I needed to relax. Days, weeks, generations fitting inside of the silence between my question and his answer. I thought about dogs. That would help. Cute dogs. Happy dogs. Fluffy dogs. Lasers. Running dogs. Jumping dogs. Lasers. Petting dogs. Lasers. Laser dogs. Dog lasers. Those exist. Of course they do. There’s a laser for anything and everything. What does a laser do for a dog? The question is, what can’t it do?

Does your dog have muscle, ligament and tendon injuries? Shoot at laser at the pooch.

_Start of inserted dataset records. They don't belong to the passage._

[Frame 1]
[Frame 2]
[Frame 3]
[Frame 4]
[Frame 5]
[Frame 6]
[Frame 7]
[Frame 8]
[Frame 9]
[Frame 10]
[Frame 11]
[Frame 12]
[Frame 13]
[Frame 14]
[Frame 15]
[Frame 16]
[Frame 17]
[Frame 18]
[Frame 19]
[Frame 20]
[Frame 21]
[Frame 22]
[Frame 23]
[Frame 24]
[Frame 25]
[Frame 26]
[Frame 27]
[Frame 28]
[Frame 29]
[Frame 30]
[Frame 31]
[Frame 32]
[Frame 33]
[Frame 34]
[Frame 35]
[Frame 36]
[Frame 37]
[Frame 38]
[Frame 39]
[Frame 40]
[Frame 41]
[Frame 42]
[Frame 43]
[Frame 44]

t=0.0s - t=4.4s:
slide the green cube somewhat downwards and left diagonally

Is your furry companion suffering from back pain? PewPewPew. Have you notice Rexxx pawing at his ear? Clear up that infection by shining some lasers down that canine canal like a flashlight in a storm drain you dropped your keys into. Gingivitis? Blast those gums with gamma rays. Hot spots and open wounds? You know what to do. Arthritis and hip dysplasia? Spark those joints with some hot-ass beams of light. Degenerative disc disease? Apparently laser therapy will also help, which is surprising.

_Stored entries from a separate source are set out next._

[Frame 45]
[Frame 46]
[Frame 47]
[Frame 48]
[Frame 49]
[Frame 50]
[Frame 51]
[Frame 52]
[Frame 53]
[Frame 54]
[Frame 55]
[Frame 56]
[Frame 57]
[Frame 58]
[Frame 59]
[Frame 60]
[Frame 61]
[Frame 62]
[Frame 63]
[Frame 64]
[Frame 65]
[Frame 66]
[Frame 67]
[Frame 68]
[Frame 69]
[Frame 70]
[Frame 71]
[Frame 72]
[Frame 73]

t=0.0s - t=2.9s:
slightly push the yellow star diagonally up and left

Did dogs get acne? Because there’s a laser for that, too. Imagine if teenage me would’ve known? Instead of lancing the glowing ball of puss that stayed on the tip of my nose for the last semester of eighth grade with a safety pin, that ultimately got it infected and left a nice divot in my flesh, I could’ve just shot a fucking laser at it.

Lasers don’t just eliminate zits, they can nuke fat cells. A cold laser stimulates the cells, needling them until they cannot take it and just collapse, giving up their contents like they’ve been shaken down for their lunch money. Plastic surgeons suggest that you do 40-minutes session, three-times a week for two-weeks to get the desired results from the procedure. That desired result being the destruction of your cellular make-up.

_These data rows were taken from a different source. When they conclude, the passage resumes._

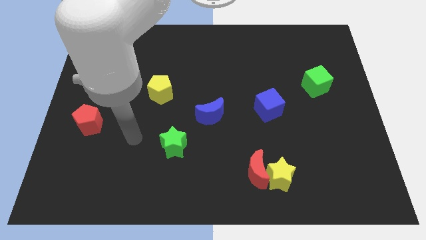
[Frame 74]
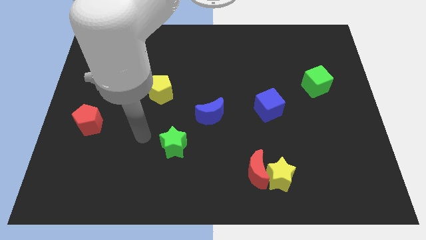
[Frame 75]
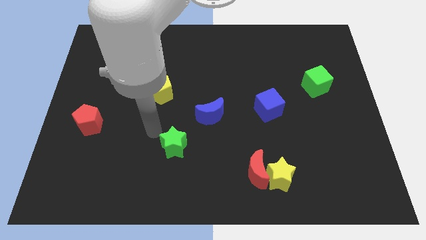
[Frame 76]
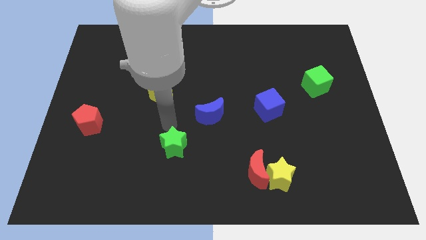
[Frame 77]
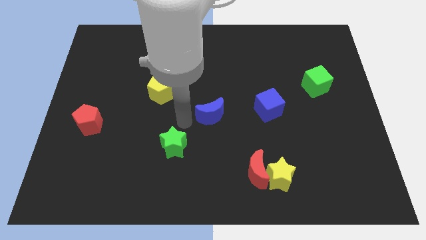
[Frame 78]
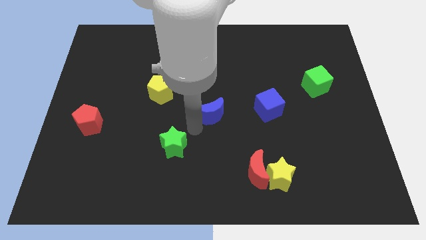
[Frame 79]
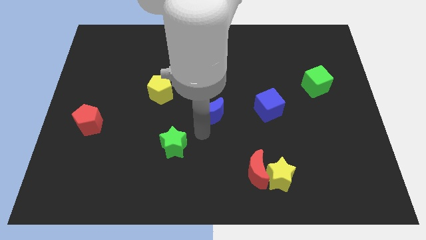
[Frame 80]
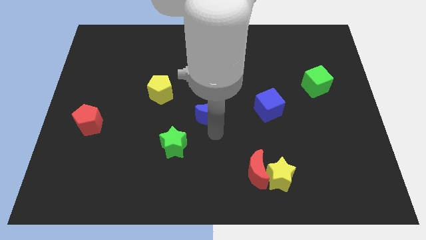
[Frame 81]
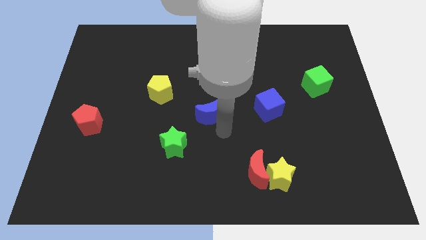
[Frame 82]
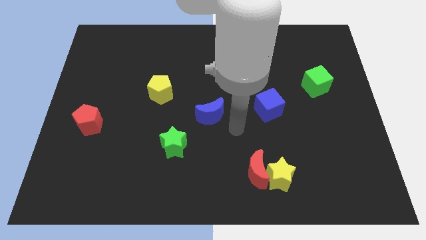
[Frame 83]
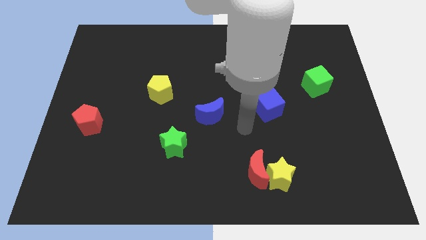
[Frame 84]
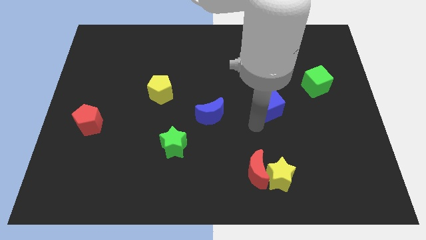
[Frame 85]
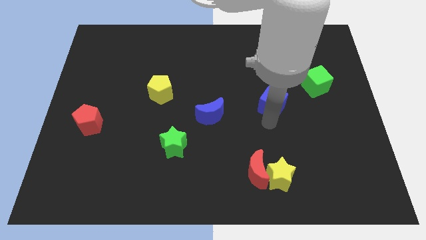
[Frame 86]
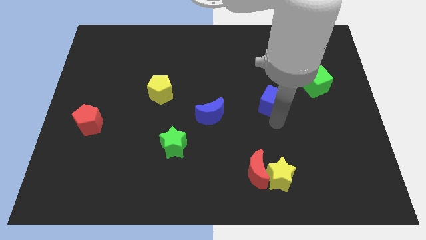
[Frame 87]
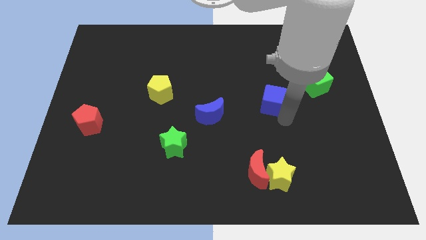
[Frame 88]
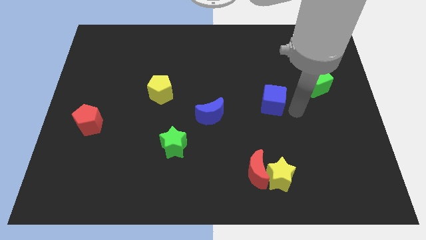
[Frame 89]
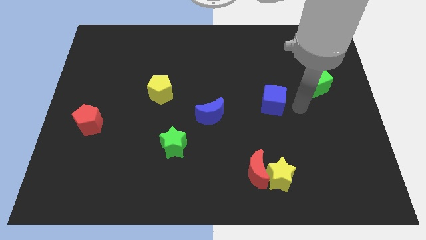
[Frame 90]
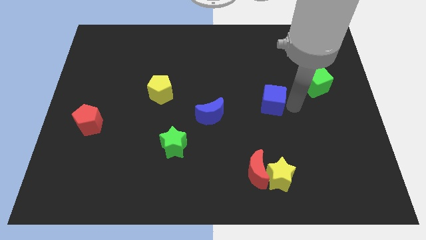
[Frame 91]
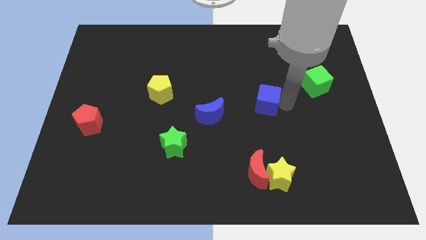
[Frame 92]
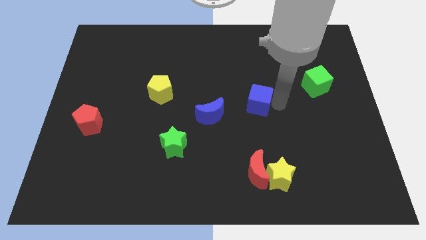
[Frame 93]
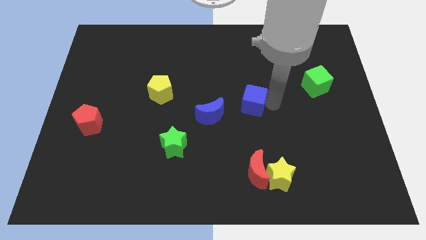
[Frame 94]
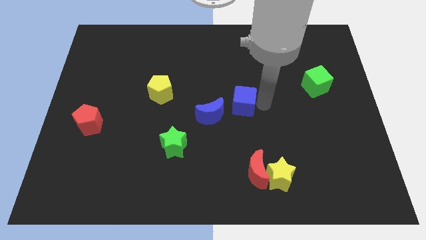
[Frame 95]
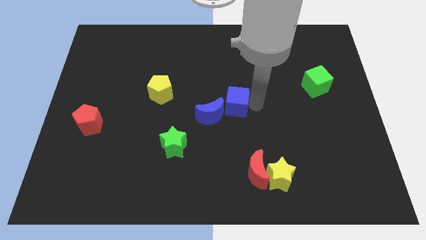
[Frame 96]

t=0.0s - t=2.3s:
slightly move the blue cube to the left

But where does all of the plaque and coffee stains and gingivitis and arthritis and hip dysplasia and pimples and pain and every trace bit of radiation released from every singular laser go after being zapped or doing the zapping? Do they just disappear? Vaporized like my dad’s prostate? Can you ever make a thing gone for good? Where do I aim the laser to vaporize my fear and anxiety? Will the disparate particles of my worry ever find each other again? Old friends eager to reunite and get back to what they do best.

***

He tells me it isn’t cancer, just a bout of benign prostatic hyperplasia—something that just happens to people. Then he hits his common refrain of “it’s just one of those things, where yah have to go, whatever.” I can hear his shoulders shrugging through the phone. That whatever has been prescribed for things like the whimpering Albertan economy, Justin Trudeau in general, and the continued stresses of work. Things that wear on him like an angle grinder, but he has acquiesced to, because “life is cruel and unfair” and sometimes all you can do is sigh when the gravity in your world gets altered. Slamming you into the earth or untethering you from it all together.

That’s another thing lasers can do. Interferometry. The detection in shifts of gravitational waves.